### [Task goal]
With all pictures omitted, return verbatim the lines from the beginning of the records below through the line containing "13.976C6.848 13.976 6.776".

### [Recorded information]
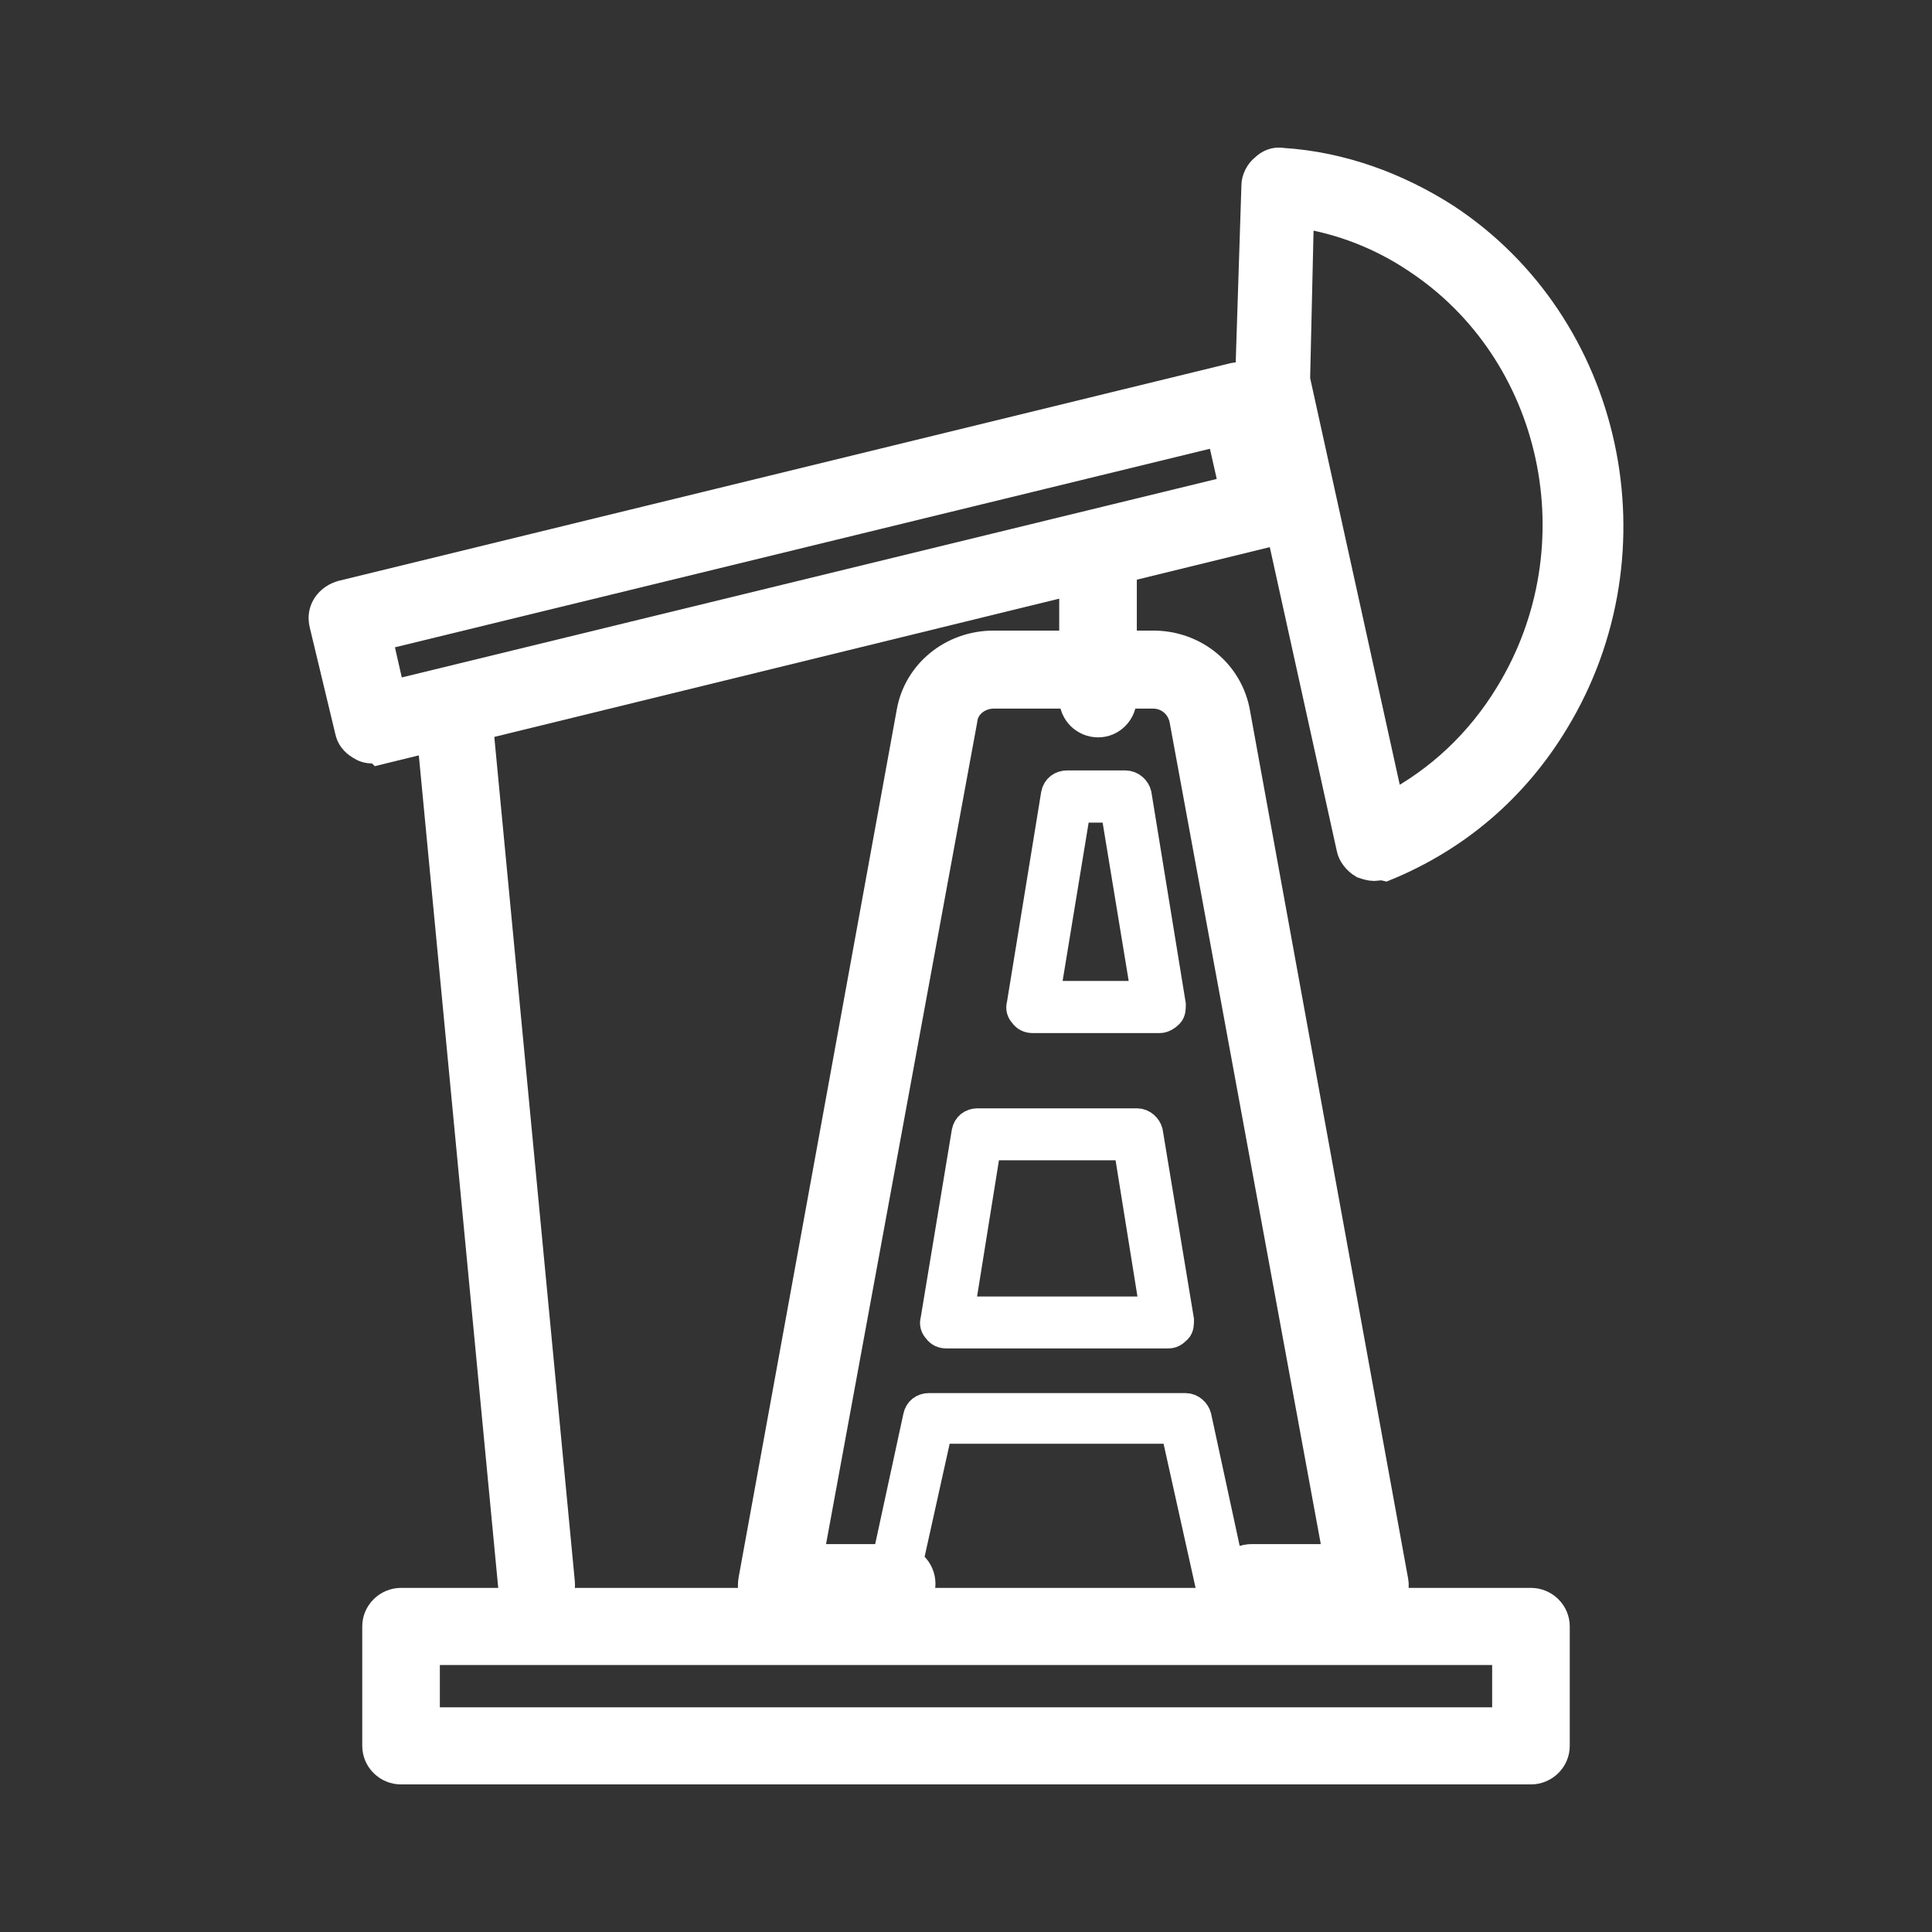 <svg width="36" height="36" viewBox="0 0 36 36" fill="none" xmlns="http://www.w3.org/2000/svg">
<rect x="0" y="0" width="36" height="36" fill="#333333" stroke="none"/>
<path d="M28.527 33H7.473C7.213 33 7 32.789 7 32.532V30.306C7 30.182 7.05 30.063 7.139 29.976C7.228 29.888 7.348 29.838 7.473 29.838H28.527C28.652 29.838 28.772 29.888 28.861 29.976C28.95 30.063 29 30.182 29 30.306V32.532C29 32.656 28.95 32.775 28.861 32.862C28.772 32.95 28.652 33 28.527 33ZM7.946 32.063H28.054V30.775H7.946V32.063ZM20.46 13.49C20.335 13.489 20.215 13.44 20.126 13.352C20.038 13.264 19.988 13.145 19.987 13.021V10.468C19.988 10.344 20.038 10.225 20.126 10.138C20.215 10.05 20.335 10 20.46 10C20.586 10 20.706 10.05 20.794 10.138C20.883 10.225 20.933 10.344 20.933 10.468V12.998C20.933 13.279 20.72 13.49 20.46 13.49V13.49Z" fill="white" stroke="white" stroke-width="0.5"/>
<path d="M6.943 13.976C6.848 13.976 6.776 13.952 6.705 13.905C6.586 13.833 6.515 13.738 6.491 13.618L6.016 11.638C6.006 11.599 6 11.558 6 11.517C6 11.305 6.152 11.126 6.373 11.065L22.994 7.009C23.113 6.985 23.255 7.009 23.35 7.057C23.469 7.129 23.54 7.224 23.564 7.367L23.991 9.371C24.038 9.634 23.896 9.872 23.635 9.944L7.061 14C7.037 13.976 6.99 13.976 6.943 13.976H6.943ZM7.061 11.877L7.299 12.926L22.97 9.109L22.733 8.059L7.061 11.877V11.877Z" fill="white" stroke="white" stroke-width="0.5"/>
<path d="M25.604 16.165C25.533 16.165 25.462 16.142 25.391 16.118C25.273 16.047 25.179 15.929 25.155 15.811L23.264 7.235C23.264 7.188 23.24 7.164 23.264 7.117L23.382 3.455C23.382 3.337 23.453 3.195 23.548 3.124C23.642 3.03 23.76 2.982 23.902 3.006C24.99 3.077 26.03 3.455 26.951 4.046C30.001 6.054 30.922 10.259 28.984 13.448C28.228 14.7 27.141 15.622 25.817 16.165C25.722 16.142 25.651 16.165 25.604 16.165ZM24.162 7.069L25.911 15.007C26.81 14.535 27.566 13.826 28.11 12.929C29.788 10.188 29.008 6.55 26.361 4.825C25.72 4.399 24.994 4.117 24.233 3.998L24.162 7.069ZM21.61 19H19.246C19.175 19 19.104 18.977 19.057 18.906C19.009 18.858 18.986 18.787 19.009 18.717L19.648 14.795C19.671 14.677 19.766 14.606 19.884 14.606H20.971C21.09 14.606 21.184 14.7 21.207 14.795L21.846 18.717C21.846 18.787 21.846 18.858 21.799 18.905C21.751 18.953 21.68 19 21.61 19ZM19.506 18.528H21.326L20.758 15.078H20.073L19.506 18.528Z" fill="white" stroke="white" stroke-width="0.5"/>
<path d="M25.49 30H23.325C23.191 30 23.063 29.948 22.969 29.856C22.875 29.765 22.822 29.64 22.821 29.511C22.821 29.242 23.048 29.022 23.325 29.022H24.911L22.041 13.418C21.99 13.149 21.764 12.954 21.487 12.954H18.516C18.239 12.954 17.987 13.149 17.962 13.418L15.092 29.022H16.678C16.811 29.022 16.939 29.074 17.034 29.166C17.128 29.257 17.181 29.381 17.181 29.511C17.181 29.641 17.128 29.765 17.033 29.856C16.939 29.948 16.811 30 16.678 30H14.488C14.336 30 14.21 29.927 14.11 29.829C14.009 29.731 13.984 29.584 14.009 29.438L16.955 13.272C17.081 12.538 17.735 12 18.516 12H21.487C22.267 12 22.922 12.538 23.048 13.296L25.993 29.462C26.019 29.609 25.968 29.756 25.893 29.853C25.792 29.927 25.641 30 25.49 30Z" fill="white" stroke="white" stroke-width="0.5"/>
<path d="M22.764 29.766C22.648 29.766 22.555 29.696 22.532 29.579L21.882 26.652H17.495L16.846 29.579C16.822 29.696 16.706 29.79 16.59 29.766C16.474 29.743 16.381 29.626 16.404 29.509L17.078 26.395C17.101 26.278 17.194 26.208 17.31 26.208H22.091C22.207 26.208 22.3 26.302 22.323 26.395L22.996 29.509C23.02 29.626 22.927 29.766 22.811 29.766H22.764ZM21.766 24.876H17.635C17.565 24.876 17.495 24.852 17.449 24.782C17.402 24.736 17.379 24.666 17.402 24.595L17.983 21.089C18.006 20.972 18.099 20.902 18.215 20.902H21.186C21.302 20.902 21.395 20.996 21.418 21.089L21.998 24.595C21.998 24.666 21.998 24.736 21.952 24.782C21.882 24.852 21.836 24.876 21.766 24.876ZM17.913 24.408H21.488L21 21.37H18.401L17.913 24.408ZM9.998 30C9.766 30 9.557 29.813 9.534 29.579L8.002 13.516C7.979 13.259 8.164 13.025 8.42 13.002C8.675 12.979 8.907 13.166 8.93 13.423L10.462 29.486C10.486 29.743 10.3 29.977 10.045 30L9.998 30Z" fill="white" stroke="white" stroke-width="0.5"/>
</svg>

### [Solution to the problem]
 <svg width="36" height="36" viewBox="0 0 36 36" fill="none" xmlns="http://www.w3.org/2000/svg">
<rect x="0" y="0" width="36" height="36" fill="#333333" stroke="none"/>
<path d="M28.527 33H7.473C7.213 33 7 32.789 7 32.532V30.306C7 30.182 7.05 30.063 7.139 29.976C7.228 29.888 7.348 29.838 7.473 29.838H28.527C28.652 29.838 28.772 29.888 28.861 29.976C28.95 30.063 29 30.182 29 30.306V32.532C29 32.656 28.95 32.775 28.861 32.862C28.772 32.95 28.652 33 28.527 33ZM7.946 32.063H28.054V30.775H7.946V32.063ZM20.46 13.49C20.335 13.489 20.215 13.44 20.126 13.352C20.038 13.264 19.988 13.145 19.987 13.021V10.468C19.988 10.344 20.038 10.225 20.126 10.138C20.215 10.05 20.335 10 20.46 10C20.586 10 20.706 10.05 20.794 10.138C20.883 10.225 20.933 10.344 20.933 10.468V12.998C20.933 13.279 20.72 13.49 20.46 13.49V13.49Z" fill="white" stroke="white" stroke-width="0.5"/>
<path d="M6.943 13.976C6.848 13.976 6.776 13.952 6.705 13.905C6.586 13.833 6.515 13.738 6.491 13.618L6.016 11.638C6.006 11.599 6 11.558 6 11.517C6 11.305 6.152 11.126 6.373 11.065L22.994 7.009C23.113 6.985 23.255 7.009 23.35 7.057C23.469 7.129 23.54 7.224 23.564 7.367L23.991 9.371C24.038 9.634 23.896 9.872 23.635 9.944L7.061 14C7.037 13.976 6.99 13.976 6.943 13.976H6.943ZM7.061 11.877L7.299 12.926L22.97 9.109L22.733 8.059L7.061 11.877V11.877Z" fill="white" stroke="white" stroke-width="0.5"/>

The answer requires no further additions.